▶ Exercise description
Copy verbatim the block of lines in the entries below whose first line contains "#138 = CARTESIAN_POINT" and whose last line contains "#227 = DIRECTION". Leave out all other lines.

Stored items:
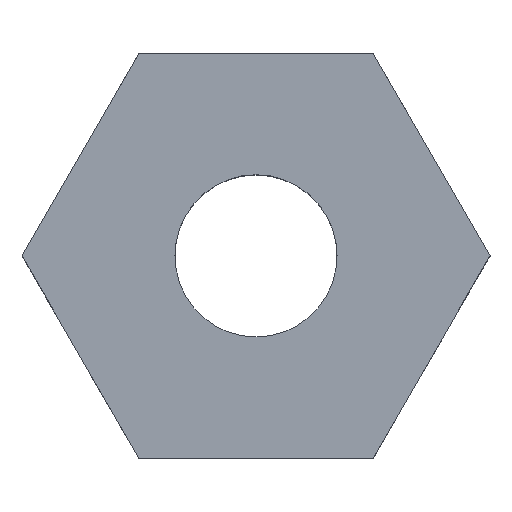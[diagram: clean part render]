
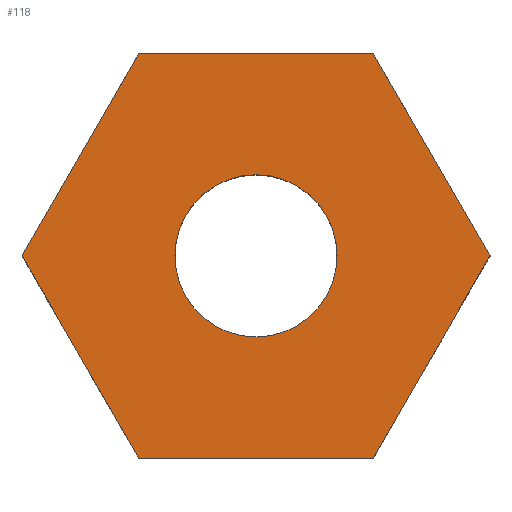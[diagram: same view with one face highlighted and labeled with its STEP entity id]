
A CAD part, top view. The second image highlights one B-rep face of the part: STEP entity #118.
In plain terms, the highlighted planar face has unit normal (0, 0, 1).
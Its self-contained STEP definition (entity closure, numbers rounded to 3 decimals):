
#1 = DIRECTION ( 'NONE',  ( -0.5, 0.866, 0. ) ) ;
#3 = DIRECTION ( 'NONE',  ( 1., 0., 0. ) ) ;
#22 = EDGE_LOOP ( 'NONE', ( #186, #191 ) ) ;
#24 = FACE_BOUND ( 'NONE', #22, .T. ) ;
#32 = EDGE_CURVE ( 'NONE', #411, #344, #317, .T. ) ;
#33 = FACE_OUTER_BOUND ( 'NONE', #84, .T. ) ;
#34 = ORIENTED_EDGE ( 'NONE', *, *, #149, .T. ) ;
#44 = AXIS2_PLACEMENT_3D ( 'NONE', #223, #459, #269 ) ;
#52 = AXIS2_PLACEMENT_3D ( 'NONE', #188, #227, #193 ) ;
#53 = EDGE_CURVE ( 'NONE', #356, #267, #502, .T. ) ;
#57 = EDGE_CURVE ( 'NONE', #256, #221, #471, .T. ) ;
#61 = CARTESIAN_POINT ( 'NONE',  ( 2., 0., 5. ) ) ;
#63 = AXIS2_PLACEMENT_3D ( 'NONE', #332, #498, #215 ) ;
#77 = PLANE ( 'NONE',  #52 ) ;
#82 = DIRECTION ( 'NONE',  ( -0.5, -0.866, 0. ) ) ;
#84 = EDGE_LOOP ( 'NONE', ( #124, #218, #117, #113, #34, #103 ) ) ;
#103 = ORIENTED_EDGE ( 'NONE', *, *, #32, .T. ) ;
#113 = ORIENTED_EDGE ( 'NONE', *, *, #478, .T. ) ;
#117 = ORIENTED_EDGE ( 'NONE', *, *, #378, .T. ) ;
#118 = ADVANCED_FACE ( 'NONE', ( #33, #24 ), #77, .T. ) ;
#124 = ORIENTED_EDGE ( 'NONE', *, *, #347, .T. ) ;
#125 = VECTOR ( 'NONE', #131, 1000. ) ;
#131 = DIRECTION ( 'NONE',  ( -1., 0., 0. ) ) ;
#136 = CARTESIAN_POINT ( 'NONE',  ( 5.774, 0., 5. ) ) ;
#138 = CARTESIAN_POINT ( 'NONE',  ( 5.774, 0., 5. ) ) ;
#149 = EDGE_CURVE ( 'NONE', #200, #411, #355, .T. ) ;
#153 = CARTESIAN_POINT ( 'NONE',  ( -5.774, 0., 5. ) ) ;
#157 = CARTESIAN_POINT ( 'NONE',  ( 2.887, -5., 5. ) ) ;
#166 = VECTOR ( 'NONE', #3, 1000. ) ;
#186 = ORIENTED_EDGE ( 'NONE', *, *, #57, .F. ) ;
#188 = CARTESIAN_POINT ( 'NONE',  ( 0., 0., 5. ) ) ;
#191 = ORIENTED_EDGE ( 'NONE', *, *, #236, .F. ) ;
#193 = DIRECTION ( 'NONE',  ( 1., 0., 0. ) ) ;
#200 = VERTEX_POINT ( 'NONE', #136 ) ;
#201 = CARTESIAN_POINT ( 'NONE',  ( -2.887, 5., 5. ) ) ;
#215 = DIRECTION ( 'NONE',  ( 1., 0., 0. ) ) ;
#218 = ORIENTED_EDGE ( 'NONE', *, *, #53, .T. ) ;
#221 = VERTEX_POINT ( 'NONE', #61 ) ;
#223 = CARTESIAN_POINT ( 'NONE',  ( 0., 0., 5. ) ) ;
#227 = DIRECTION ( 'NONE',  ( 0., 0., 1. ) ) ;
#228 = CARTESIAN_POINT ( 'NONE',  ( -2.887, 5., 5. ) ) ;
#234 = LINE ( 'NONE', #228, #250 ) ;
#236 = EDGE_CURVE ( 'NONE', #221, #256, #292, .T. ) ;
#250 = VECTOR ( 'NONE', #82, 1000. ) ;
#256 = VERTEX_POINT ( 'NONE', #449 ) ;
#267 = VERTEX_POINT ( 'NONE', #373 ) ;
#269 = DIRECTION ( 'NONE',  ( 1., 0., 0. ) ) ;
#292 = CIRCLE ( 'NONE', #63, 2. ) ;
#312 = CARTESIAN_POINT ( 'NONE',  ( -5.774, 0., 5. ) ) ;
#317 = LINE ( 'NONE', #476, #125 ) ;
#332 = CARTESIAN_POINT ( 'NONE',  ( 0., 0., 5. ) ) ;
#336 = VECTOR ( 'NONE', #1, 1000. ) ;
#344 = VERTEX_POINT ( 'NONE', #201 ) ;
#345 = LINE ( 'NONE', #504, #166 ) ;
#347 = EDGE_CURVE ( 'NONE', #344, #356, #234, .T. ) ;
#349 = VERTEX_POINT ( 'NONE', #157 ) ;
#355 = LINE ( 'NONE', #138, #336 ) ;
#356 = VERTEX_POINT ( 'NONE', #312 ) ;
#359 = VECTOR ( 'NONE', #399, 1000. ) ;
#363 = CARTESIAN_POINT ( 'NONE',  ( 2.887, 5., 5. ) ) ;
#370 = LINE ( 'NONE', #479, #359 ) ;
#373 = CARTESIAN_POINT ( 'NONE',  ( -2.887, -5., 5. ) ) ;
#378 = EDGE_CURVE ( 'NONE', #267, #349, #345, .T. ) ;
#389 = DIRECTION ( 'NONE',  ( 0.5, -0.866, 0. ) ) ;
#399 = DIRECTION ( 'NONE',  ( 0.5, 0.866, 0. ) ) ;
#411 = VERTEX_POINT ( 'NONE', #363 ) ;
#449 = CARTESIAN_POINT ( 'NONE',  ( -2., 0., 5. ) ) ;
#459 = DIRECTION ( 'NONE',  ( 0., 0., 1. ) ) ;
#471 = CIRCLE ( 'NONE', #44, 2. ) ;
#476 = CARTESIAN_POINT ( 'NONE',  ( 2.887, 5., 5. ) ) ;
#478 = EDGE_CURVE ( 'NONE', #349, #200, #370, .T. ) ;
#479 = CARTESIAN_POINT ( 'NONE',  ( 2.887, -5., 5. ) ) ;
#486 = VECTOR ( 'NONE', #389, 1000. ) ;
#498 = DIRECTION ( 'NONE',  ( 0., 0., 1. ) ) ;
#502 = LINE ( 'NONE', #153, #486 ) ;
#504 = CARTESIAN_POINT ( 'NONE',  ( -2.887, -5., 5. ) ) ;

▶ Written solution
#138 = CARTESIAN_POINT ( 'NONE',  ( 5.774, 0., 5. ) ) ;
#149 = EDGE_CURVE ( 'NONE', #200, #411, #355, .T. ) ;
#153 = CARTESIAN_POINT ( 'NONE',  ( -5.774, 0., 5. ) ) ;
#157 = CARTESIAN_POINT ( 'NONE',  ( 2.887, -5., 5. ) ) ;
#166 = VECTOR ( 'NONE', #3, 1000. ) ;
#186 = ORIENTED_EDGE ( 'NONE', *, *, #57, .F. ) ;
#188 = CARTESIAN_POINT ( 'NONE',  ( 0., 0., 5. ) ) ;
#191 = ORIENTED_EDGE ( 'NONE', *, *, #236, .F. ) ;
#193 = DIRECTION ( 'NONE',  ( 1., 0., 0. ) ) ;
#200 = VERTEX_POINT ( 'NONE', #136 ) ;
#201 = CARTESIAN_POINT ( 'NONE',  ( -2.887, 5., 5. ) ) ;
#215 = DIRECTION ( 'NONE',  ( 1., 0., 0. ) ) ;
#218 = ORIENTED_EDGE ( 'NONE', *, *, #53, .T. ) ;
#221 = VERTEX_POINT ( 'NONE', #61 ) ;
#223 = CARTESIAN_POINT ( 'NONE',  ( 0., 0., 5. ) ) ;
#227 = DIRECTION ( 'NONE',  ( 0., 0., 1. ) ) ;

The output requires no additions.